第20話
会場を出る寸前に、アレクは一度だけ立ち止まり、まだラネを罵っている聖女に視線を向ける。
「アキ。君は召喚された聖女だ。魔王が消滅した今、その力は不変ではない。あまり悪意のある行動ばかりしていると、聖女の力を失うことになるぞ」
「……っ」
その言葉に、聖女は怯んだように口を閉ざした。
「そんなの、嘘よ。でたらめよ。

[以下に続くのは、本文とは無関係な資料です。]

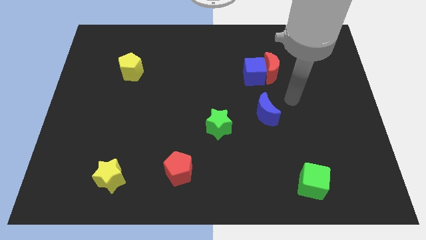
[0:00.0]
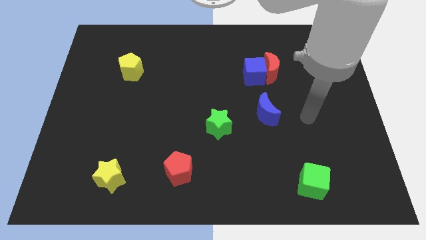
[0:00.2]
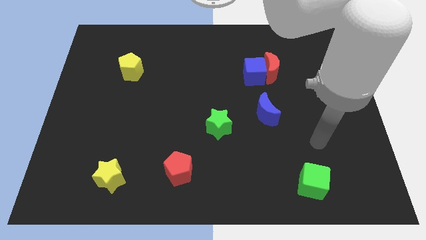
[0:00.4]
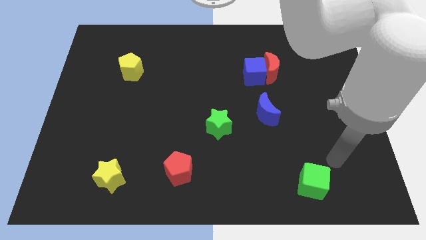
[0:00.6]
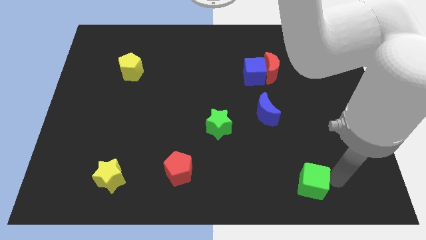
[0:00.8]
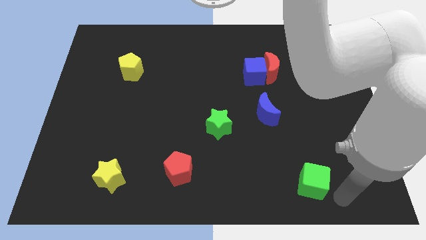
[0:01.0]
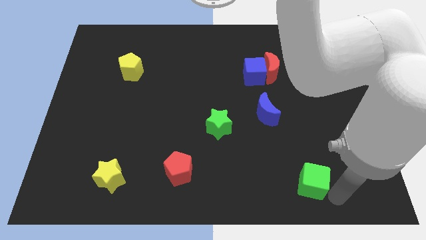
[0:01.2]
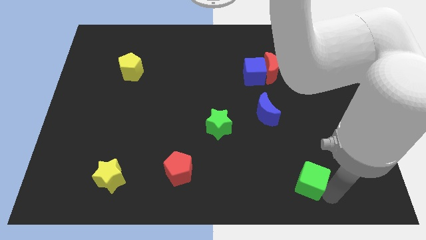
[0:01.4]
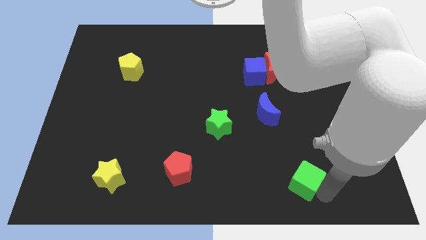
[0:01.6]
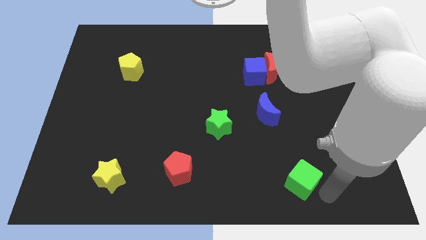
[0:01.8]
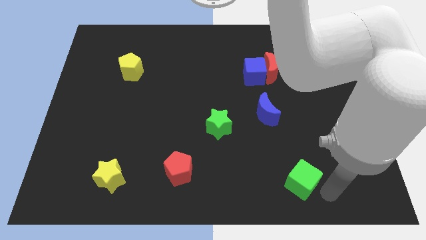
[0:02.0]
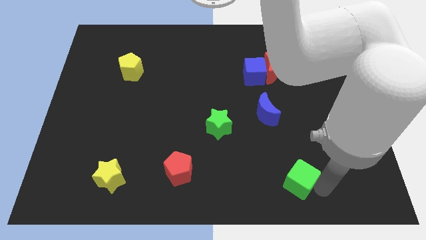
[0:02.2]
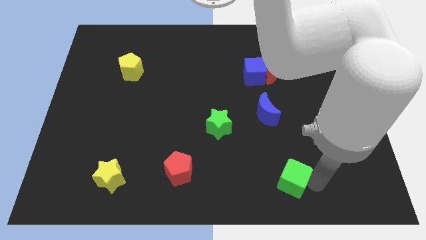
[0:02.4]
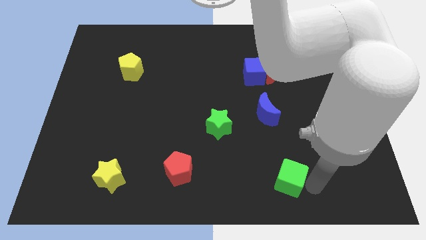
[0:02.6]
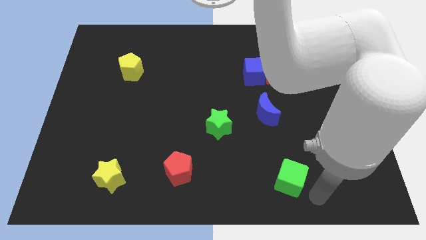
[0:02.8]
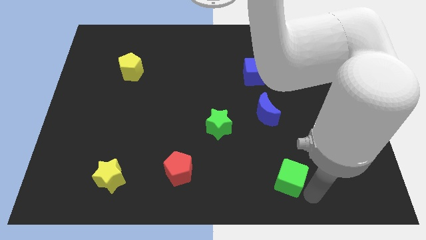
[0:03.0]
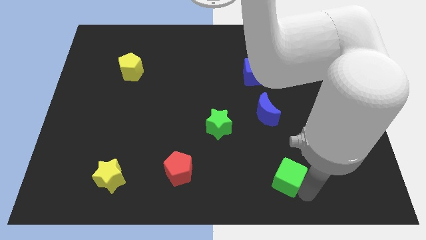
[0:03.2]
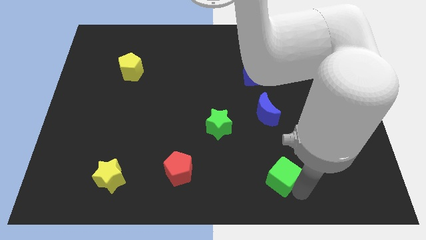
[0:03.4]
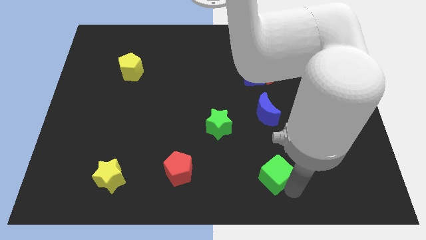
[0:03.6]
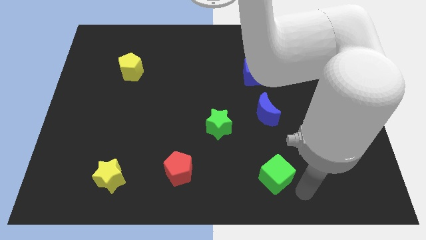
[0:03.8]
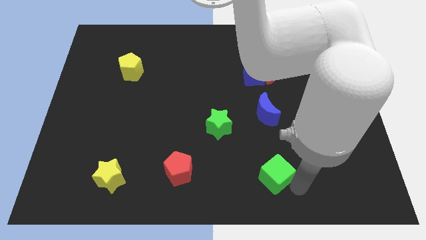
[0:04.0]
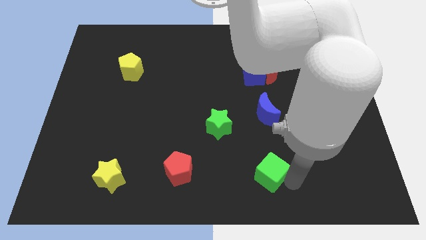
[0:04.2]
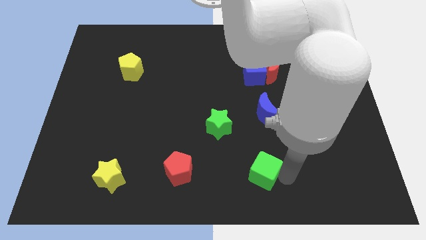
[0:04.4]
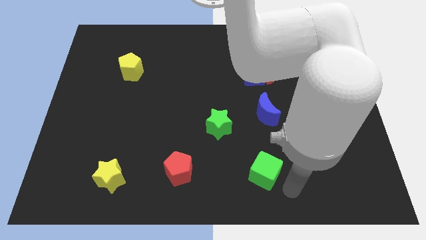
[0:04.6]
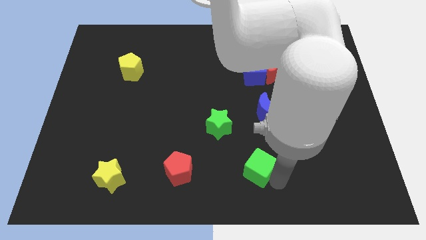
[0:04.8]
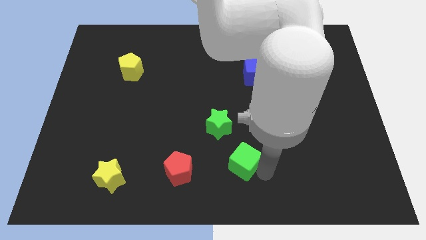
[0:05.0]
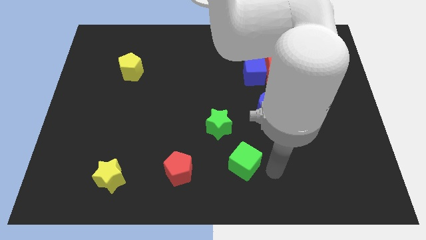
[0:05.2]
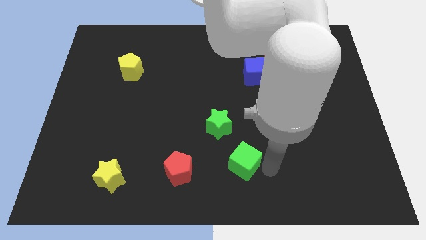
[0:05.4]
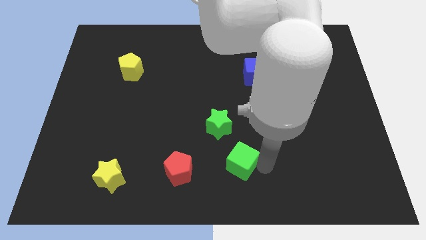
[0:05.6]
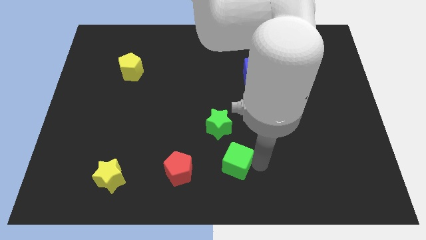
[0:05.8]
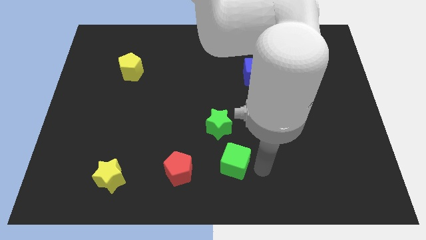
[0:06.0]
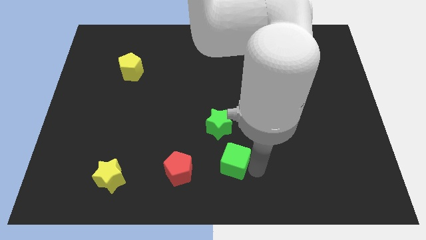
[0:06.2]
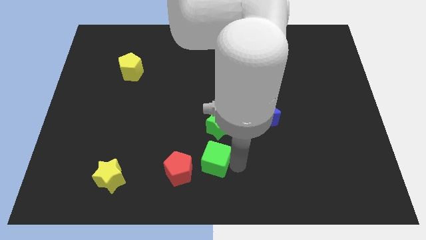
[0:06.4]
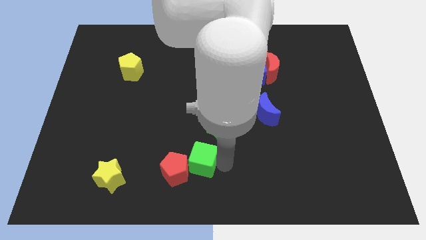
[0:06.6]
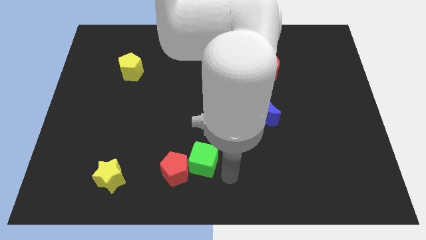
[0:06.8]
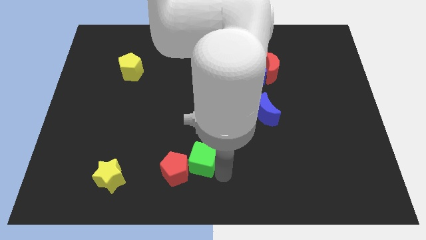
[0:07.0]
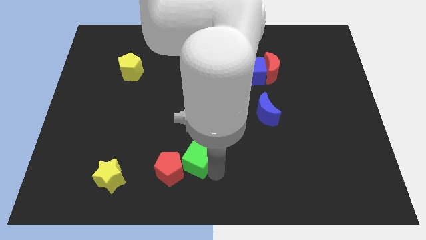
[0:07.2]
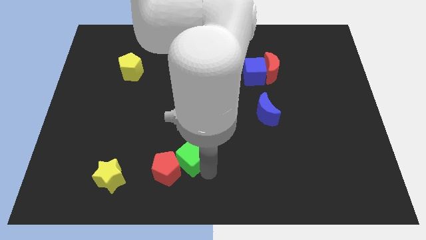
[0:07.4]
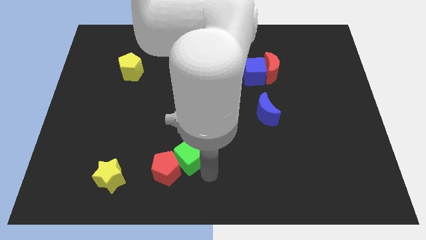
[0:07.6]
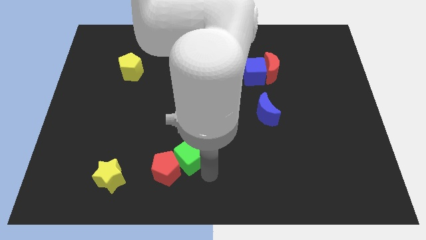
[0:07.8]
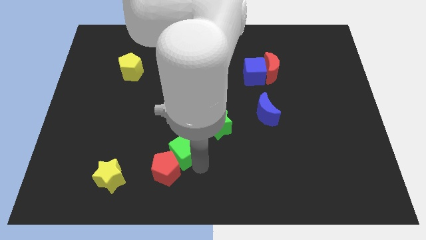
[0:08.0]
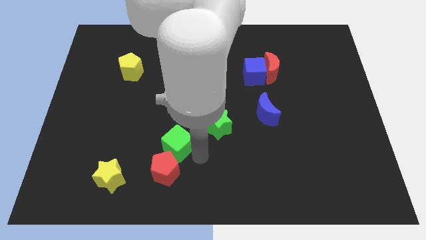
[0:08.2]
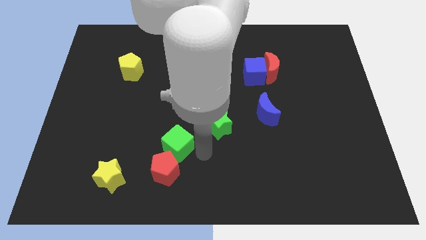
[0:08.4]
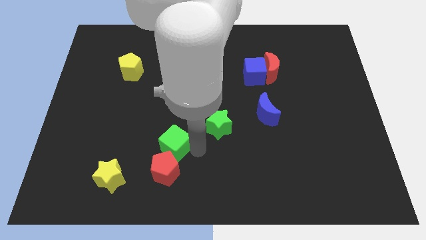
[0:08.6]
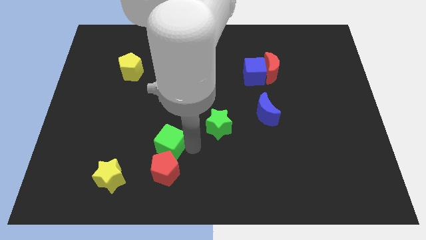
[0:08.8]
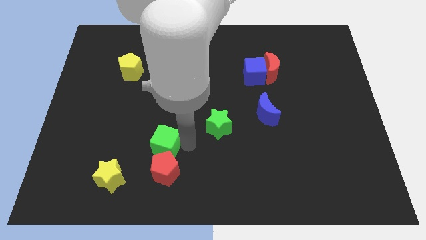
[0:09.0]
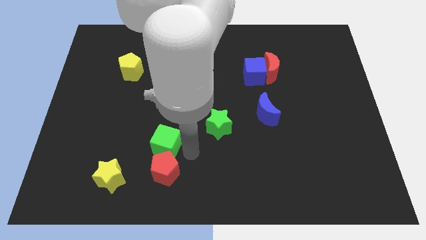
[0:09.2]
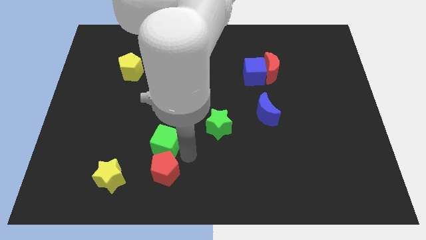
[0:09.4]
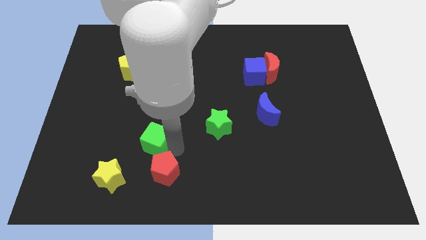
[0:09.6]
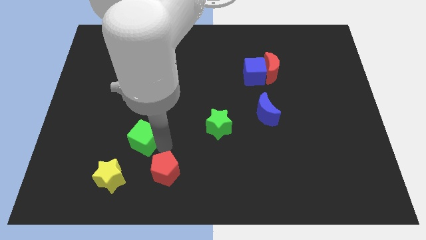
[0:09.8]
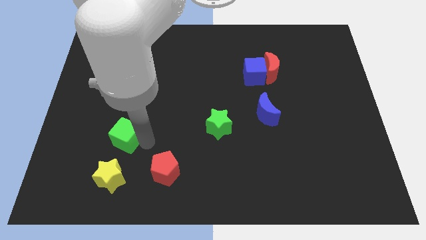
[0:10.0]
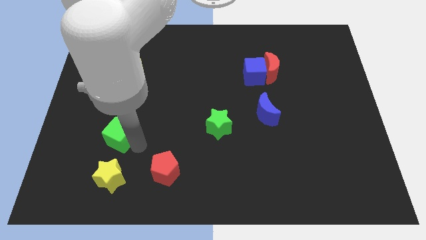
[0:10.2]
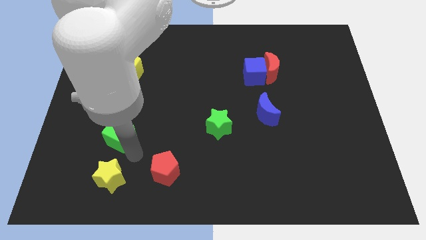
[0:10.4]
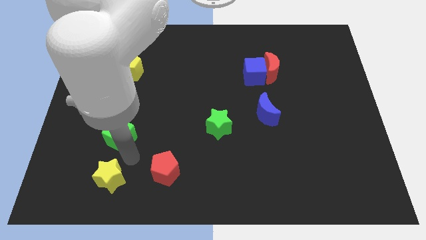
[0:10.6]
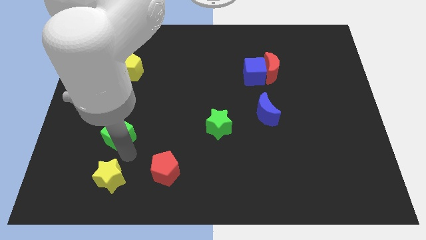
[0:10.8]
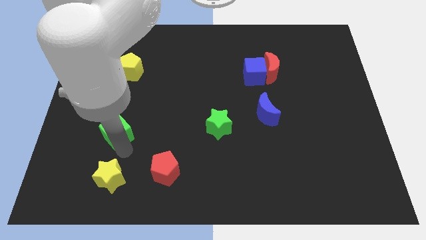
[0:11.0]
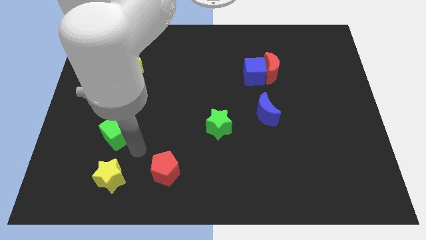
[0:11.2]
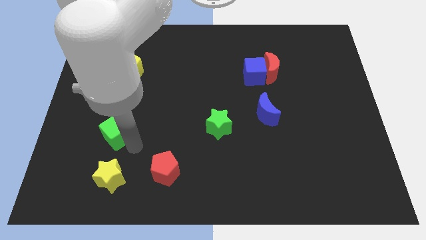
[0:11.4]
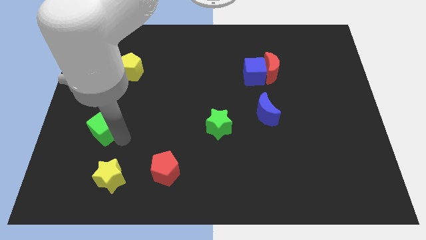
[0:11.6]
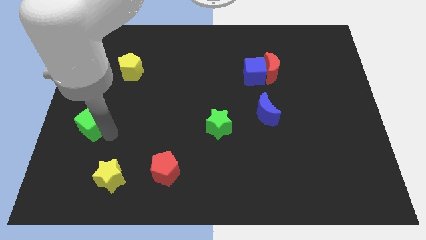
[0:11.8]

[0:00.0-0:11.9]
move the green cube to the left side

私は聖女なのよ?」
けれどすぐに自分を奮い立たせるように再び喚きだしたが、アレクはもう振り返らなかった。
「あの、アレクさん。いいんですか?」
ラネの手を取ったまま、彼女に合わせて歩いてくれる彼に、そっと問いかける。
魔王討伐の祝賀会も兼ねているのに、勇者が不在でいいのだろうか。ラネは不安に思ったが、アレクは厳しい表情のまま、かまわないと言う。
出るまでにも途中で何度か呼び止められ、必死に懇願された。それでもアレクは、すべて無視して王城を出ていく。

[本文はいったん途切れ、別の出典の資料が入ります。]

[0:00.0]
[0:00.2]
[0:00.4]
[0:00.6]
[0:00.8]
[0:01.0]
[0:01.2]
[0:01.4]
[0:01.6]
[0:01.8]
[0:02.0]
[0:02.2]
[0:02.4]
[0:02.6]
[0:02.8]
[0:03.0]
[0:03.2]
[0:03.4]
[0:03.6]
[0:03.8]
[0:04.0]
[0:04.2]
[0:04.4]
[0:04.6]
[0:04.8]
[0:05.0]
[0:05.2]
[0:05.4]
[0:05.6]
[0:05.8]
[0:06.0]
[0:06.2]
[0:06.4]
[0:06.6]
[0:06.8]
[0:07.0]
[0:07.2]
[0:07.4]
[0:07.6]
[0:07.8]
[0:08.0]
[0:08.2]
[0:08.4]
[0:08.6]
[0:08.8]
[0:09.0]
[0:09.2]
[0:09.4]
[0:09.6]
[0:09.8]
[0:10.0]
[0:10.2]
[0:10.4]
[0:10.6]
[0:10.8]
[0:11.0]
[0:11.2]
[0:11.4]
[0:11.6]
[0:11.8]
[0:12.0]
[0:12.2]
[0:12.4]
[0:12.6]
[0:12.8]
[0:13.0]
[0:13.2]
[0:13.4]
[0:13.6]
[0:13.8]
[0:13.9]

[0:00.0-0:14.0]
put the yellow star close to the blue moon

あまりにも早い帰りに驚く馬車の御者に、アレクはすぐに屋敷に戻るようにと告げた。
「わかりましたから、もう少し殺気を押さえてください。馬が怯えて馬車が出せません」
老齢の御者にそう諭され、アレクははっとしたように深く息を吐いた。
「……すまない」
「いいえ。あなたがそんなことになるなんて、よほど酷いことがあったのでしょう。制止される前に、さっさと帰ってしまいましょう」
御者が上手く馬を宥めてくれたので、すぐに馬車を走らせることができたようだ。
「ラネ、すまなかった。まさかエイダ―があんなことを言うとは思わなかった」
馬車を走らせてしばらく経つと、アレクがそう謝罪する。
「こんなことになるのなら、無理に連れて来るべきではなかった」
後悔を滲ませる彼の言葉に。ラネは慌てて首を振った。
「いいえ、アレクさんのせいではありません。わたしもまさか、あんなことを言われるなんて思ってもみなかったので」
たしかにショックで、どうしてあんなことを言われなければならないのかと思うと、涙が零れそうだった。
けれどアレクは、直前に交わしていた会話通りにラネの言葉を信じた。
それが救いだった。
悪意によって冷たく凍りつきそうなラネの心を、太陽のような光で守ってくれたのだ。
「……そうか」
アレクはほっとしたように小さく頷き、そうして考え込むように視線を落とした。
「会ったばかりのエイダ―は、あんな男ではなかったのだが」
「たしかにもう少し繊細で、優しかったと思います」
最初からあんな男だったらラネだって婚約などしないし、アレクも魔王討伐パーティの一員には選ばないだろう。
少し考えてから、答える。
「昔から身体の小さいこと、弱いことを気にしていたので、力と権力を手にしたことで、暴走してしまったのかもしれません」
エイダ―にとってキキト村と婚約者だったラネは、弱い自分の象徴だった。
嫌悪しているのかもしれない。
だからこそ、強い言葉と態度で貶めようとしていた。
(でも……)
よく考えてみれば、あんなふうに責められる覚えはまったくない。むしろ文句を言いたいのはこちらの方だと、今さらながら怒りがこみ上げる。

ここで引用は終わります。